He preparado un documento sobre como matchear, emparejar, parear, o como queramos llamarlo, un par de transistores.

El método que yo utilizo está basado en el criterio más extendido, y que es igualar una tensión vbe o vgs para una corriente fija dada. Esta corriente fija conviene elegirla que sea próxima a la que luego vaya a tener el transistor en reposo.

Por ejemplo, para el amplificador Epsilon-Lavardin elegiremos 150mA de corriente, que es la que tienen cada uno de los mosfets en reposo. Elegiremos nuestra corriente de reposo de acuerdo a nuestras necesidades en cada caso.

Este procedimiento lo aplico después de muchas horas de consultar libros, blogs, artículos varios y después de aplicarlo a la práctica de distintas formas, he llegado a elaborar mi propio método práctico y que a mí me resulta la más cómoda sin perder por ello la precisión necesaria. 

Los principios básicos son los mismos en cada uno de los innumerables métodos prácticos de medida que podamos encontrar por ahí, solo cambia la forma en que aplicamos esos principios para obtener al final los valores que buscamos. 

Yo he preparado el modo de hacerlo más cómodo, aunque también se puede hacer casi lo mismo con muy poco equipamiento tal como describo en el documento.

Debo señalar que estos métodos son los empleados para parear transistores para audio.


----------



## cantoni11 (Ago 2, 2016)

Hola Luismc,muchas gracias  por este aporte.Yo estoy por montar el epsilon lavardin me viene muy bien  el post ..Yo usaba el metodo de la fuente con 15v la resistencia de 150 ohm ,como se ve en el sgte esquema

Para los fet 2SK170 de entrada del Epsilon, que metodos es conveniente usar??el de la fuente regulada a 150ma?? .saludos

PD.:El circuito con el lm317 y la R8.2 como seria las conexiones con el IRFP9240?? en el pdf ta el ejemplo del IRFP240. solamente .El voltimetro no esta en el esquema ,pero para medir el vgs ,iria entre la pata G,S segun sea canal N o Canal P la polaridad??


----------



## luismc (Sep 11, 2016)

cantoni11 dijo:


> Hola Luismc,muchas gracias  por este aporte.Yo estoy por montar el epsilon lavardin me viene muy bien  el post ..Yo usaba el metodo de la fuente con 15v la resistencia de 150 ohm ,como se ve en el sgte esquema
> Ver el archivo adjunto 146759
> Para los fet 2SK170 de entrada del Epsilon, que metodos es conveniente usar??el de la fuente regulada a 150ma?? .saludos
> 
> PD.:El circuito con el lm317 y la R8.2 como seria las conexiones con el IRFP9240?? en el pdf ta el ejemplo del IRFP240. solamente .El voltimetro no esta en el esquema ,pero para medir el vgs ,iria entre la pata G,S segun sea canal N o Canal P la polaridad??

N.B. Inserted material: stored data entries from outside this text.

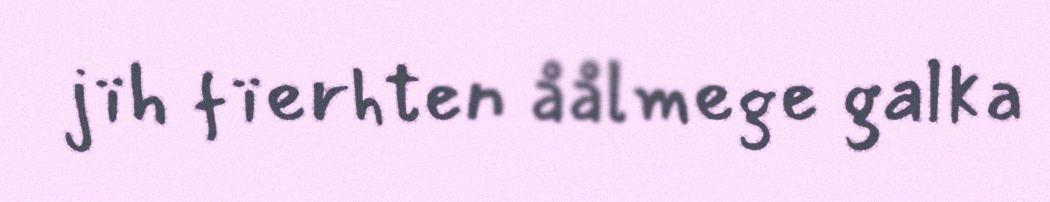
jïh fïerhten åålmege galka
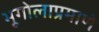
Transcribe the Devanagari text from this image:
भूगोलाप्रमाणे
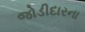
જોડીદારના
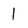
Character: 1
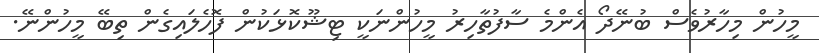
މީހުން މިހާރުވެސް ބުނޭދޯ އެންމެ ސާފުތާހިރު މީހުންނަކީ ޓިޝޫކޮޅަކުން ފޮހެލައިގެން ތިބޭ މީހުންނޭ.
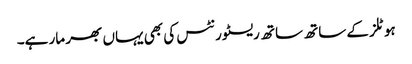
ہوٹلز کے ساتھ ساتھ ریسٹورنٹس کی بھی یہاں بھر مار ہے۔
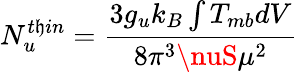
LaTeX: {N_{u}^{t\mathfrak{h}in}}=\frac{{3{g_{u}}k_{B}\int{T_{mb}dV}}}{{8\pi^{3}\nuS\mu^{2}}}
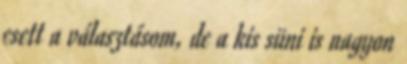
esett a választásom, de a kis süni is nagyon
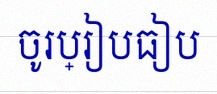
ចូរប្រៀបធៀប
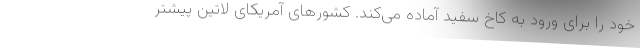
خود را برای ورود به کاخ سفید آماده می‌کند. کشورهای آمریکای لاتین پیشتر
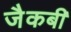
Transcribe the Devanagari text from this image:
जैकबी
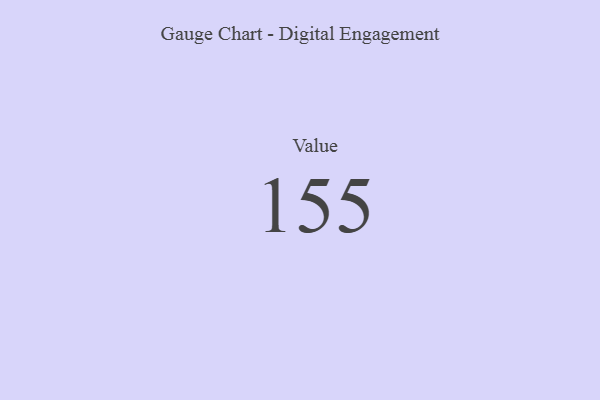
{"axis": {"x": "Metric", "y": "Value"}, "legend": [""], "data": [{"x": "Value", "y": 155, "type": ""}]}
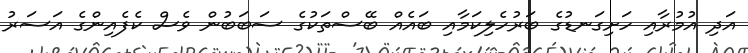
އަދި އުމުރާއި ހަށިގަނޑުގެ ބަރުހެލިކަމާއި ބައެއް ބޭސްތަކުގެ ސަބަބުން ވެސް ކެފެއިންގެ އަސަރު
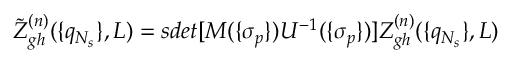
\tilde { Z } _ { g h } ^ { ( n ) } ( \{ q _ { N _ { s } } \} , L ) = s d e t [ M ( \{ \sigma _ { p } \} ) U ^ { - 1 } ( \{ \sigma _ { p } \} ) ] Z _ { g h } ^ { ( n ) } ( \{ q _ { N _ { s } } \} , L )
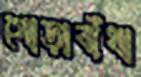
গোড়াবাঁধা
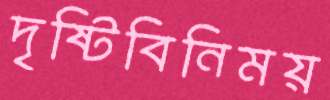
দৃষ্টিবিনিময়
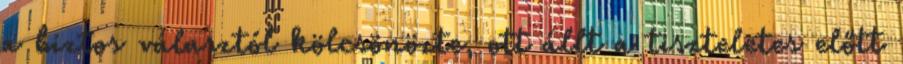
a biztos választól kölcsönözte, ott állt a tiszteletes előtt
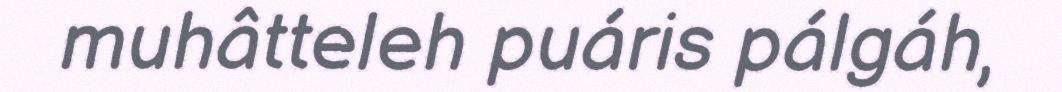
muhâtteleh puáris pálgáh,
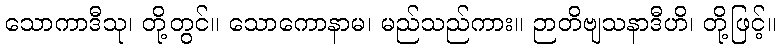
သောကာဒီသု၊ တို့တွင်။ သောကောနာမ၊ မည်သည်ကား။ ဉာတိဗျသနာဒီဟိ၊ တို့ဖြင့်။
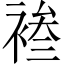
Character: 𫌄
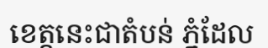
ខេត្តនេះជាតំបន់ ភ្នំដែល
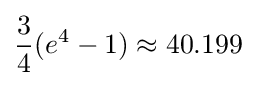
{\frac {3}{4}}(e^{4}-1)\approx 40.199
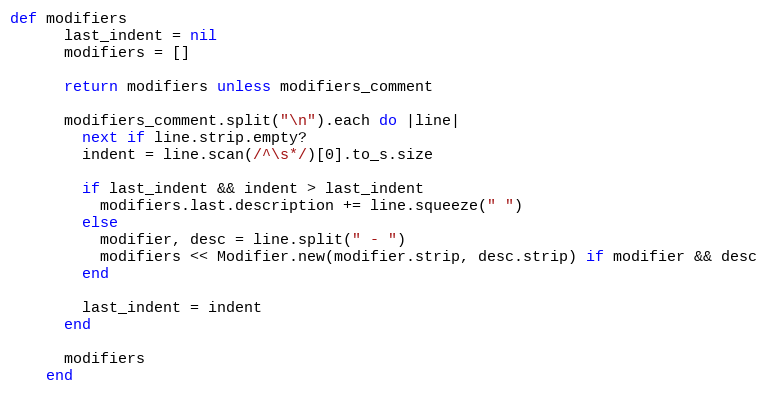
Language: Ruby
def modifiers
      last_indent = nil
      modifiers = []

      return modifiers unless modifiers_comment

      modifiers_comment.split("\n").each do |line|
        next if line.strip.empty?
        indent = line.scan(/^\s*/)[0].to_s.size

        if last_indent && indent > last_indent
          modifiers.last.description += line.squeeze(" ")
        else
          modifier, desc = line.split(" - ")
          modifiers << Modifier.new(modifier.strip, desc.strip) if modifier && desc
        end

        last_indent = indent
      end

      modifiers
    end
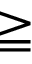
\geqq
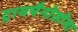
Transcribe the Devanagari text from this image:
ट्रायपैनोसोमा
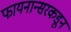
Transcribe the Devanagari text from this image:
फायनान्सरकडून
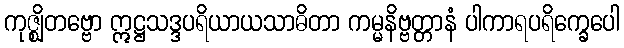
ကုဇ္ဈိတဗ္ဗော ဣဋ္ဌသဒ္ဒပရိယာယသာဓိတာ ကမ္မနိဗ္ဗတ္တာနံ ပါကာရပရိက္ခေပေါ
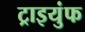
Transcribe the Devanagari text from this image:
ट्राइयुंफ
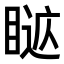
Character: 𥈚
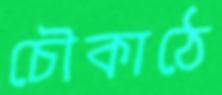
চৌকাঠে
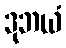
ဒုဘယံ
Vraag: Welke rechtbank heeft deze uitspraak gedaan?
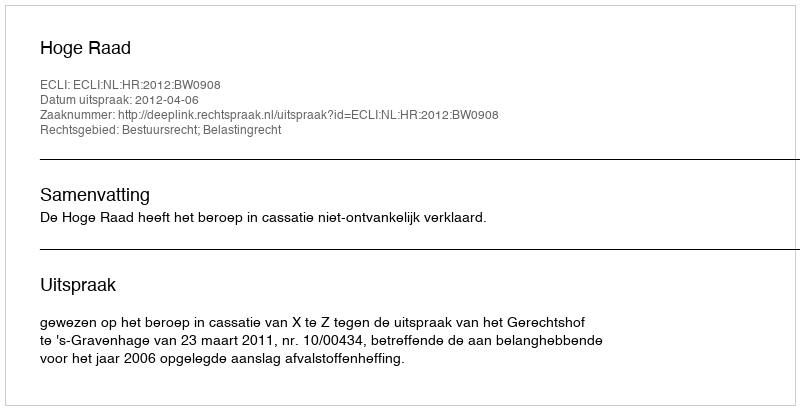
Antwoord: Hoge Raad
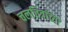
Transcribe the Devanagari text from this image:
चलचित्रांच्या
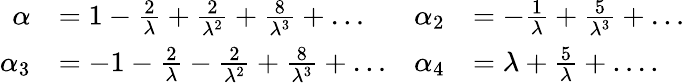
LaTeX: \begin{array}{rlrl}{\alpha}&{=1-\frac{2}{\lambda}+\frac{2}{\lambda^{2}}+\frac{8}{\lambda^{3}}+\dots}&{\alpha_{2}}&{=-\frac{1}{\lambda}+\frac{5}{\lambda^{3}}+\dots}\\ {\alpha_{3}}&{=-1-\frac{2}{\lambda}-\frac{2}{\lambda^{2}}+\frac{8}{\lambda^{3}}+\dots}&{\alpha_{4}}&{=\lambda+\frac{5}{\lambda}+\dots.}\end{array}
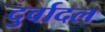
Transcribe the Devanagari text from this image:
दुर्वादल
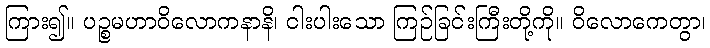
ကြား၍။ ပဉ္စမဟာဝိလောကနာနိ၊ ငါးပါးသော ကြဉ်ခြင်းကြီးတို့ကို။ ဝိလောကေတွာ၊
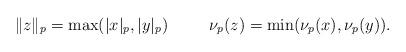
LaTeX: \begin{align*}\Vert z\Vert_p=\max(|x|_p,|y|_p)\hskip 30pt \nu_p(z)=\min(\nu_p(x),\nu_p(y)).\end{align*}
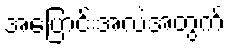
အပြောင်းအလဲအတွက်
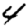
Digit: 4
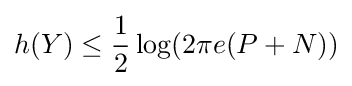
h(Y)\leq {\frac {1}{2}}\log(2\pi e(P+N))\,\!
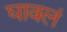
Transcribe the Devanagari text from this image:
घावलं
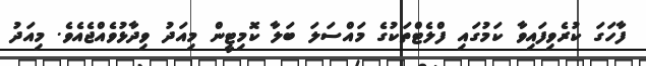
ފާހަގަ ކުރެވިފައިވާ ކަމުގައި ފްލެޓްތަކުގެ މައްސަލަ ބަލާ ކޮމިޓީން މިއަދު ވިދާޅުވެއްޖެއެވެ. މިއަދު
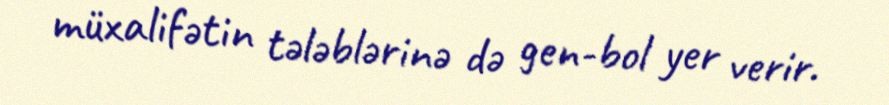
müxalifətin tələblərinə də gen-bol yer verir.
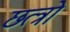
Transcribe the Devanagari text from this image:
छत्त्रो

Perdón por el retraso, ignoro el motivo por el que no me llegó notificación de tu post.
Como ves, podemos utilizar muchos métodos para llegar al mismo fin. Propuse el método de corriente fija porque creo que es más sencillo de implementar. 
Efectivamente hay que medir Vgs con el voltímetro. Donde ponemos la punta positiva o negativa del voltímetro carece de importancia, nos interesa la cantidad y no el signo.
Espero haber respondido a tu pregunta.


----------



## diegomj1973 (Sep 11, 2016)

Cabe aclarar que en el esquema que muestro a continuación, que es parte del documento .pdf antes subido, el voltaje V1 debe elegirse de modo tal que garantice la correcta regulación del LM317 ó LM337 (según qué se utilice). Para el apareado de mosfets conviene sea de más de 7,75 V muy aprox. y de un valor máximo que no provoque un calentamiento excesivo del regulador mismo.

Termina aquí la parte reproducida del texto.